The combination of funding pressures, workforce shortages, and rising SEND demand means that schools are under enormous strain to meet the needs of their communities, while local services such as social care, health, and educational psychology struggle to provide timely support.

Calls for targeted support

The report and research underline the need for targeted interventions for vulnerable pupils, particularly white working-class boys, who have the worst progression rates in the North East. Initiatives such as the Transition Guarantee and Youth Guarantee pilots outlined in the ‘Get Britain Working’ White Paper are essential.

Chris Zarraga added: “We must keep the North East context front and centre. Until policy and funding match the scale of need, our schools will continue to carry the weight of systemic disadvantage. We sincerely hope that the White Paper, which is expected early next year, will offer some clarity and relief, but we need immediate action to support children, families, and communities.”
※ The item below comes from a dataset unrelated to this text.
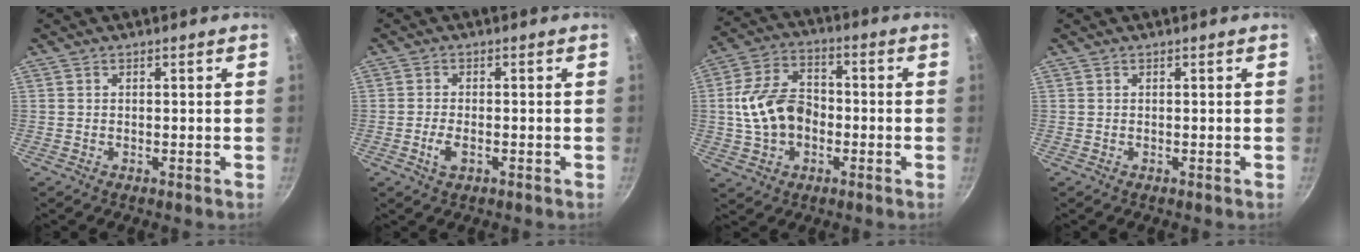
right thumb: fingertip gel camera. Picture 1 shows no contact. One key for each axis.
{"total": 3.2, "fx": -1.2, "fy": 1.6, "fz": 2.6, "tx": -0.052, "ty": 0.005, "tz": -0.023}
{"total": 13.1, "fx": -1.4, "fy": 9.3, "fz": 9.1, "tx": -0.147, "ty": 0.030, "tz": -0.032}
{"total": 0.0}

Keeping context on the radar

As the year draws to a close, Schools North East stresses the importance of keeping context at the heart of policy and practice. As we outlined in the 2024 Schools North East Manifesto for Education, recognising the scale of the North East’s contextual challenges is a matter of urgency, and if the government is serious about tackling long-term disadvantage and lack of opportunities, then it must prioritise these perennial issues.

Persistent absence, behaviour challenges, SEND pressures, and entrenched disadvantage will not resolve without targeted investment, early intervention, and revitalised services around schools. Only by addressing these structural inequalities and contextual pressures can the North East ensure that all children, regardless of background, have the opportunity to thrive.

For every child, for every school, for the future of our region.